(Dataset items)
Content starts

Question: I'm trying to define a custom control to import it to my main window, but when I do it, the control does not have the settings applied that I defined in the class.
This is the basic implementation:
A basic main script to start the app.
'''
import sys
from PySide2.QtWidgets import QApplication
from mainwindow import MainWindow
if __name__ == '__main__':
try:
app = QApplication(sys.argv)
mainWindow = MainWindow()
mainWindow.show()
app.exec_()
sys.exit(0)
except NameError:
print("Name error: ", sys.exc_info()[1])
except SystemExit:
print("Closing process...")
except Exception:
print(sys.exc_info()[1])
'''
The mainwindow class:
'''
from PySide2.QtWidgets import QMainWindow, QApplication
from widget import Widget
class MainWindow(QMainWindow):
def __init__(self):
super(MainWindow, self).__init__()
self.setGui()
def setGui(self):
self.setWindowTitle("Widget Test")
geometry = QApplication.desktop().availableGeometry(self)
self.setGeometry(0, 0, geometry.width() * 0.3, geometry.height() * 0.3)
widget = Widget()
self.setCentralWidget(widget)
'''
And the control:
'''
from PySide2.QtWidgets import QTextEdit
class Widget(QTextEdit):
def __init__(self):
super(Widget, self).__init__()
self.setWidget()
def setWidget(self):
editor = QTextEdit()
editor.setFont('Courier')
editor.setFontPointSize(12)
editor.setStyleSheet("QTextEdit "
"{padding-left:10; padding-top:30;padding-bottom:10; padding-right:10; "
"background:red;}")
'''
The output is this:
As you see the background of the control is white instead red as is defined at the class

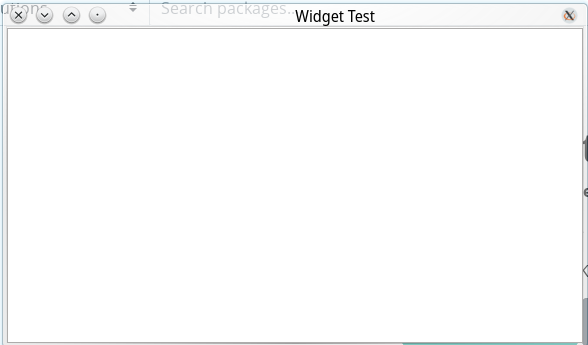
Answer: The problem is that you have applied the stylesheet to another widget that is also a QTextEdit but is a local variable. You have to apply the changes to the same class:
'''
class Widget(QTextEdit):
def __init__(self):
super(Widget, self).__init__()
self.setFont("Courier")
self.setFontPointSize(12)
self.setStyleSheet(
"QTextEdit "
"{padding-left:10; padding-top:30;padding-bottom:10; padding-right:10; "
"background:red;}"
)
'''
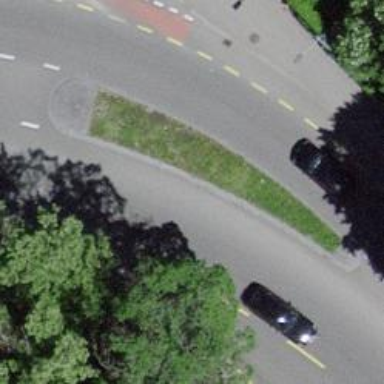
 there is cycle lane on the left and shared busway on the right."
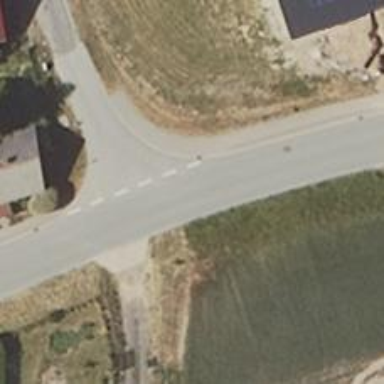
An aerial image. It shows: Tertiary road with asphalt surface.
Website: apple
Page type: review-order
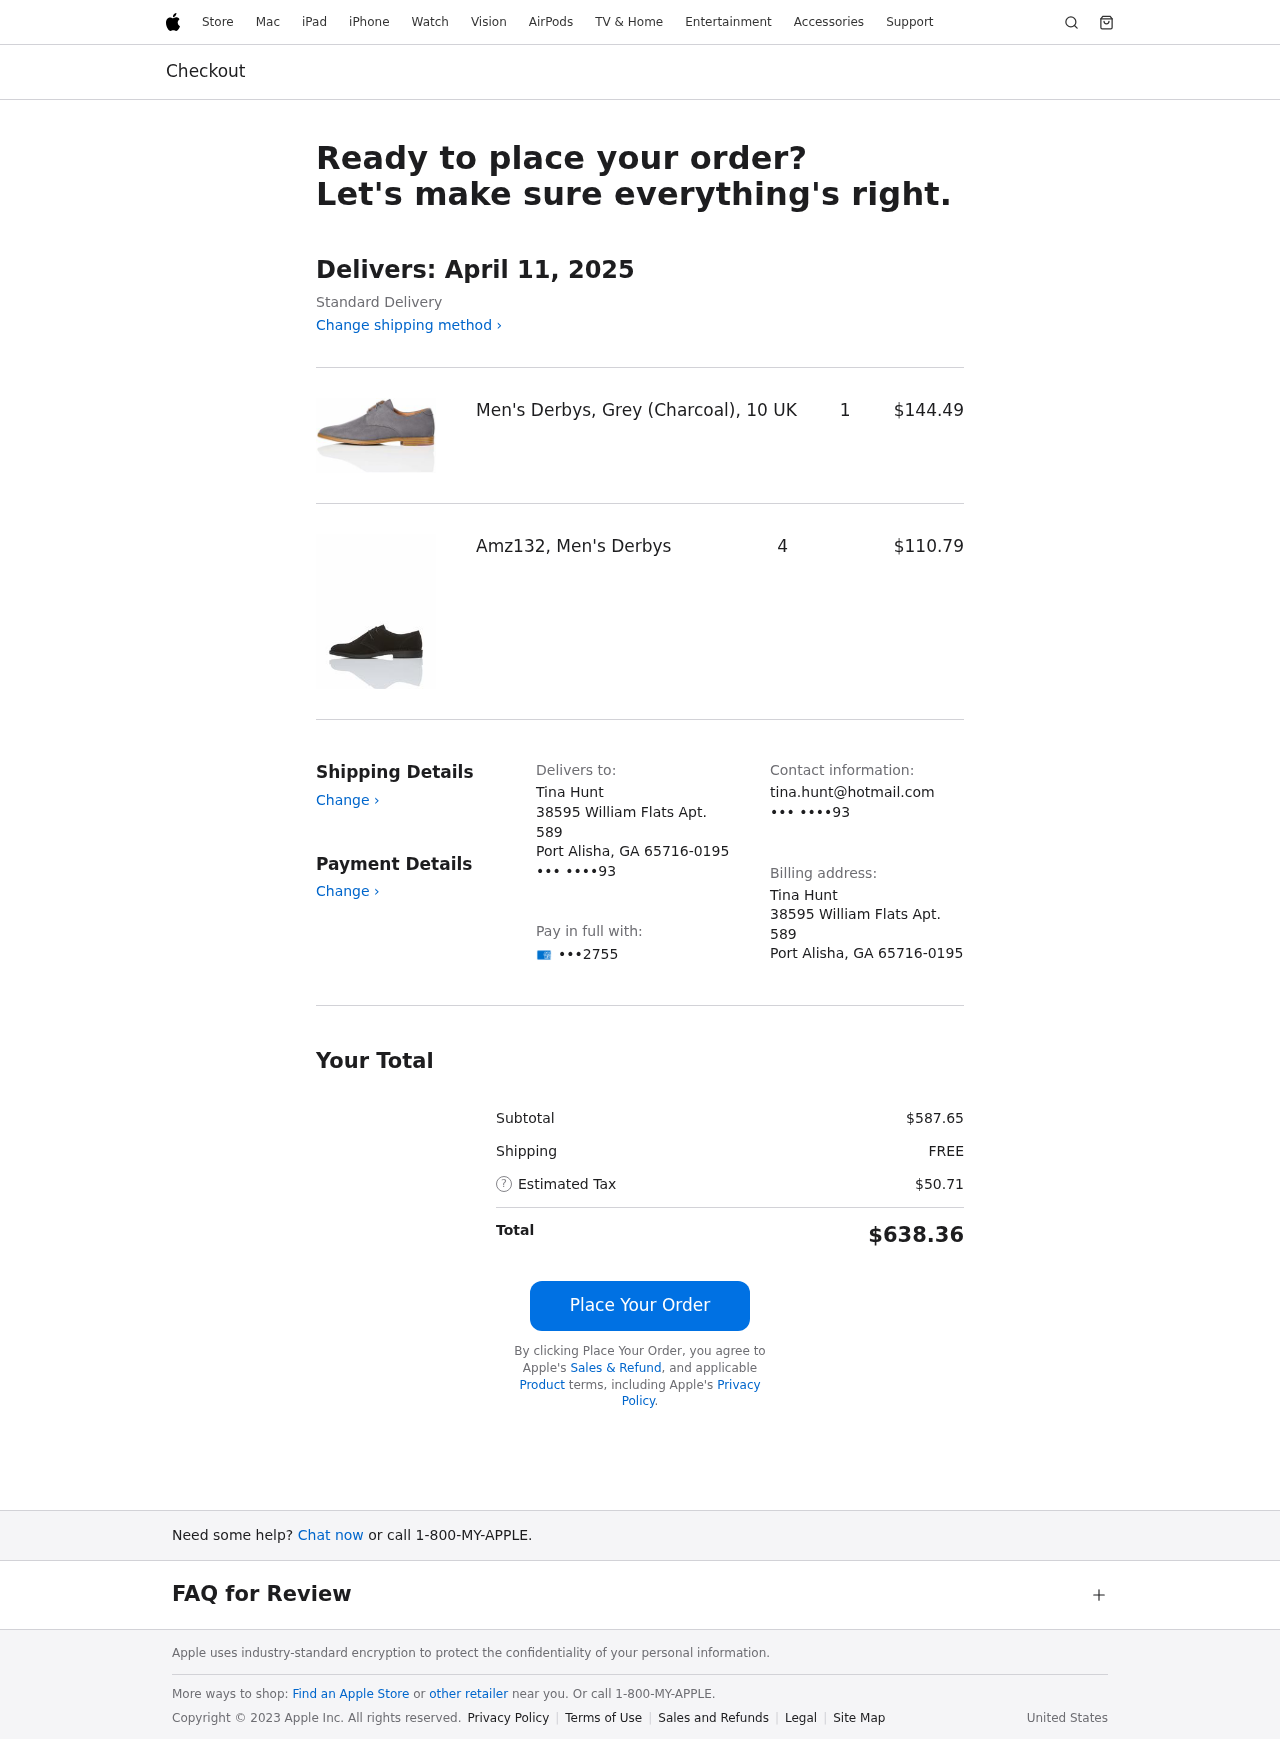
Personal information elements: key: PII_CARD_LAST4
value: •••2755
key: PII_CITY
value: Port Alisha
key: PII_EMAIL
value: tina.hunt@hotmail.com
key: PII_FULLNAME
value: Tina Hunt
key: PII_PHONE
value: ••• ••••93
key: PII_POSTCODE_FULL
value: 65716-0195
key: PII_STATE_ABBR
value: GA
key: PII_STREET
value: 38595 William Flats Apt. 589
Product elements: key: PRODUCT1_NAME
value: Men's Derbys, Grey (Charcoal), 10 UK
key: PRODUCT1_PRICE
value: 144.49
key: PRODUCT1_QUANTITY
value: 1
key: PRODUCT2_NAME
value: Amz132, Men's Derbys
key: PRODUCT2_PRICE
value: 110.79
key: PRODUCT2_QUANTITY
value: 4
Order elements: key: ORDER_DELIVERY_DATE
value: April 11, 2025
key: ORDER_SUBTOTAL
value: $587.65
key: ORDER_SHIPPING_COST
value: FREE
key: ORDER_TAX
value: $50.71
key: ORDER_TOTAL
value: $638.36
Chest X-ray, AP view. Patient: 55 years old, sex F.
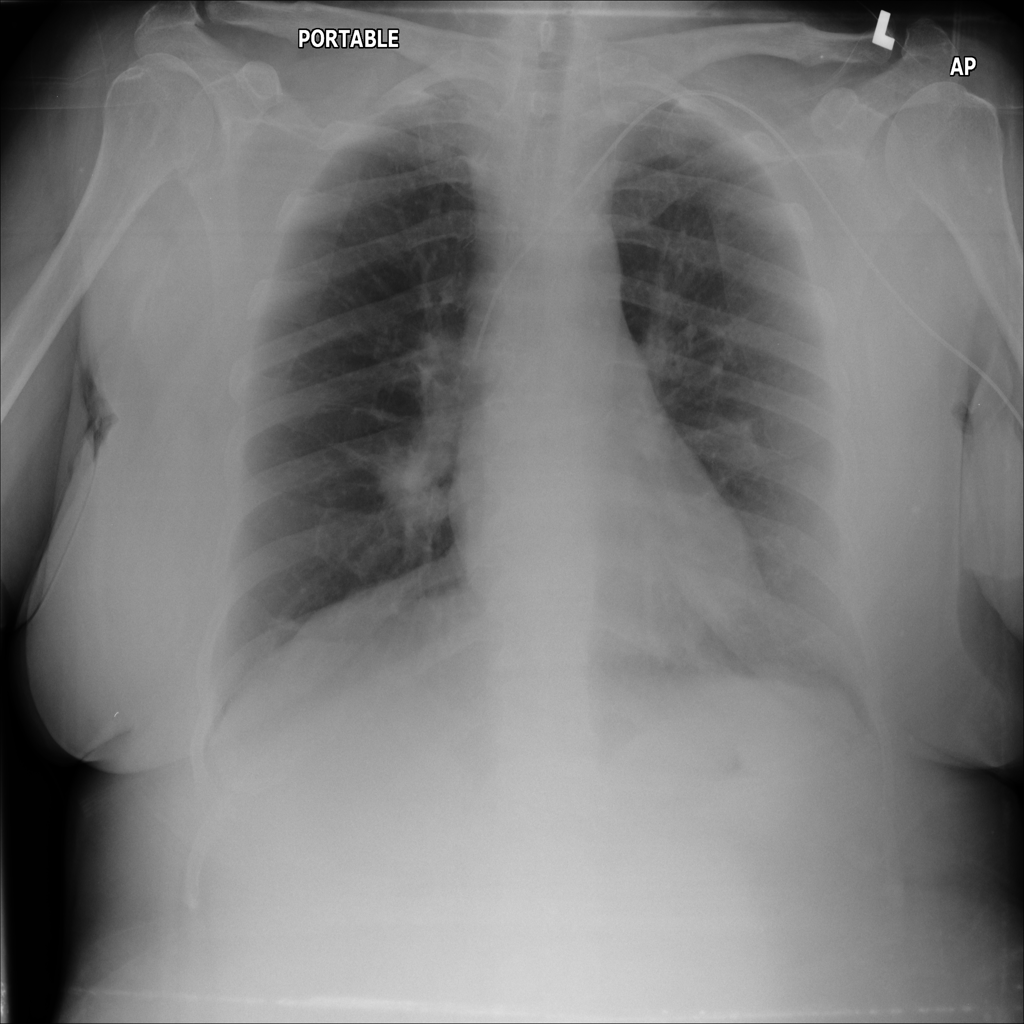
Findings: Mass
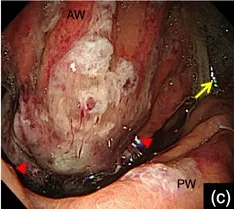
(c) Esophagogastroduodenoscopy detected severe Cameron's ulcer. The red arrowheads show the ulcer. The yellow arrow points in the direction of the gastric antrum. AW: anterior wall, PW: posterior wall.
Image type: endoscopy (gi_endoscopy)
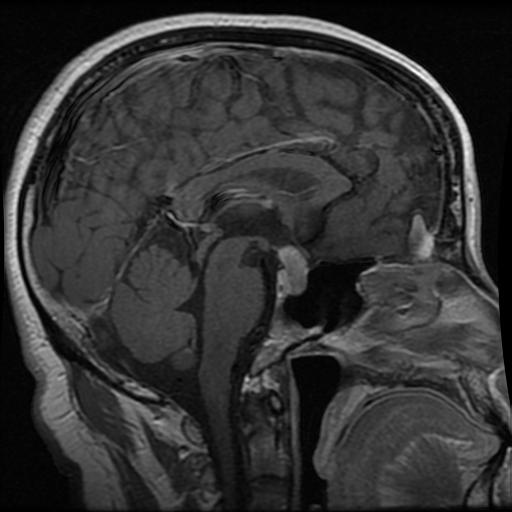
Label: pituitary
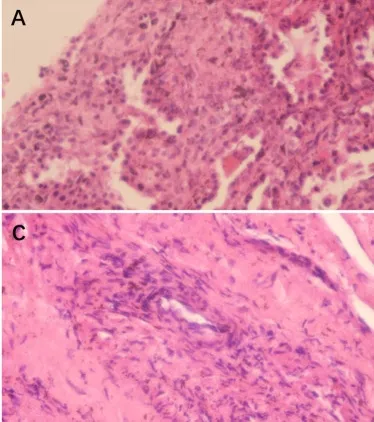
HE staining (x400) showing that the papillary area was composed of many cuboidal surface cells and rounded cells.
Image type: pathology (h&e)
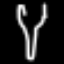
Label: fork
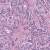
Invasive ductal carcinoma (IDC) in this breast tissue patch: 1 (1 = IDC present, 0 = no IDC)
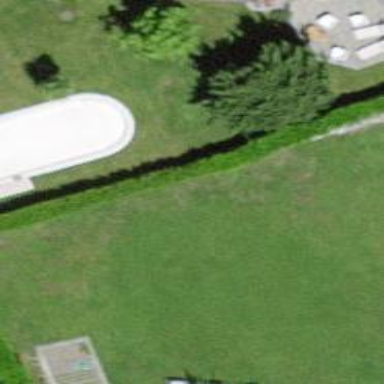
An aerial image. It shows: Hedge barrier.
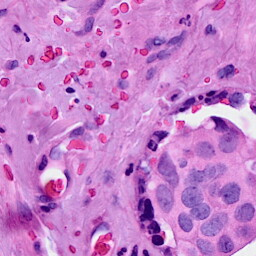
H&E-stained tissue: Breast
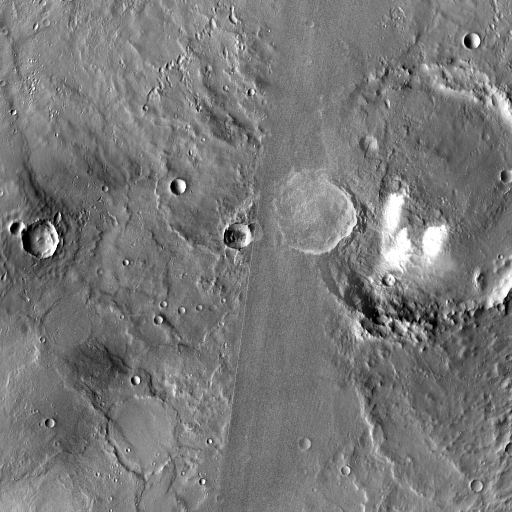
Crater classes present: Background, Other, Buried, Secondary
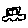
Label: car
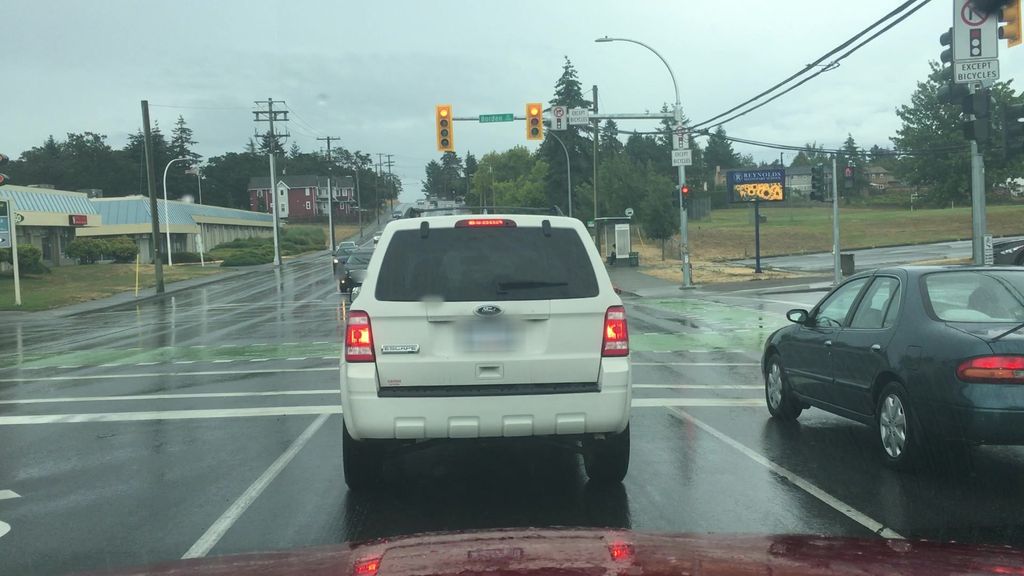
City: victoria
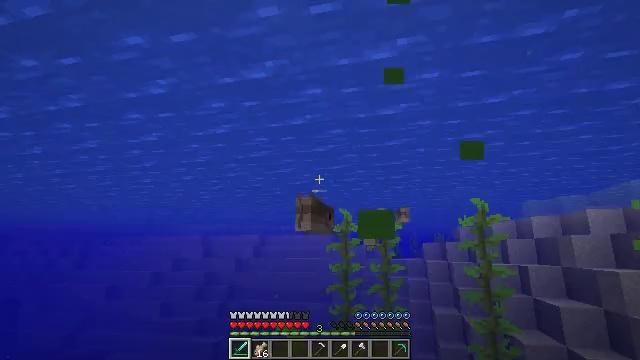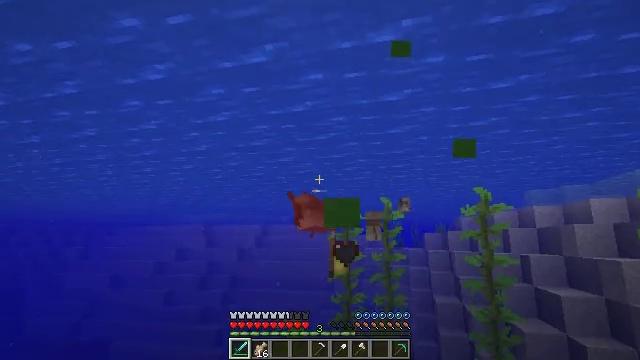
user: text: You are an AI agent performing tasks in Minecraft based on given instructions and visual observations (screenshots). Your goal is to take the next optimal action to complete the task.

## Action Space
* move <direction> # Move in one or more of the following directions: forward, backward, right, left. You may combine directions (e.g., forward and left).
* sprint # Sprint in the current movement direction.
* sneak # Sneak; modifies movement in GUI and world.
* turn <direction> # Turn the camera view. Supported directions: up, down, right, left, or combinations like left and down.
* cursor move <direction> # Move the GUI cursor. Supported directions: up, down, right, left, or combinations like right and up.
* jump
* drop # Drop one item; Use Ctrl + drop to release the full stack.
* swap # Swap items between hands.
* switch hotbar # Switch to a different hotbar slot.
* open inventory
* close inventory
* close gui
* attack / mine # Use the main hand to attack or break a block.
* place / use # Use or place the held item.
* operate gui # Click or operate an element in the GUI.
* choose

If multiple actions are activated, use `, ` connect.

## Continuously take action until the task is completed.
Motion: motion action
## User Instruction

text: Mine the kelp to collect it for resources.
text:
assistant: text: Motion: move forward, turn down
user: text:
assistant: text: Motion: no_op
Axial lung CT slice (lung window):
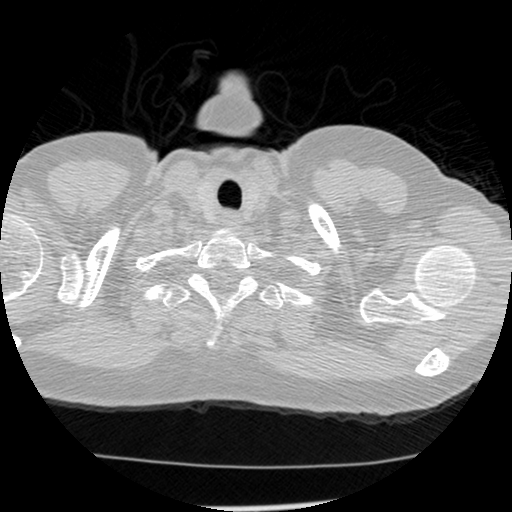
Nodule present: no
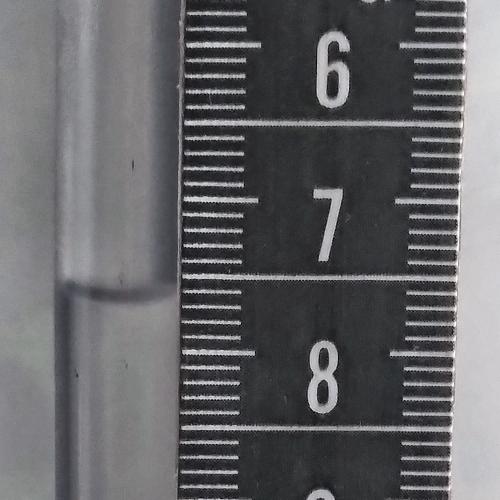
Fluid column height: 7.6 cm

Content ends

Task requirements: Please transcribe exactly the lines above from the line that has "user: text: You" up to and including the line that has "GUI and world."; no other line belongs in the answer.

Exercise response:
user: text: You are an AI agent performing tasks in Minecraft based on given instructions and visual observations (screenshots). Your goal is to take the next optimal action to complete the task.

## Action Space
* move <direction> # Move in one or more of the following directions: forward, backward, right, left. You may combine directions (e.g., forward and left).
* sprint # Sprint in the current movement direction.
* sneak # Sneak; modifies movement in GUI and world.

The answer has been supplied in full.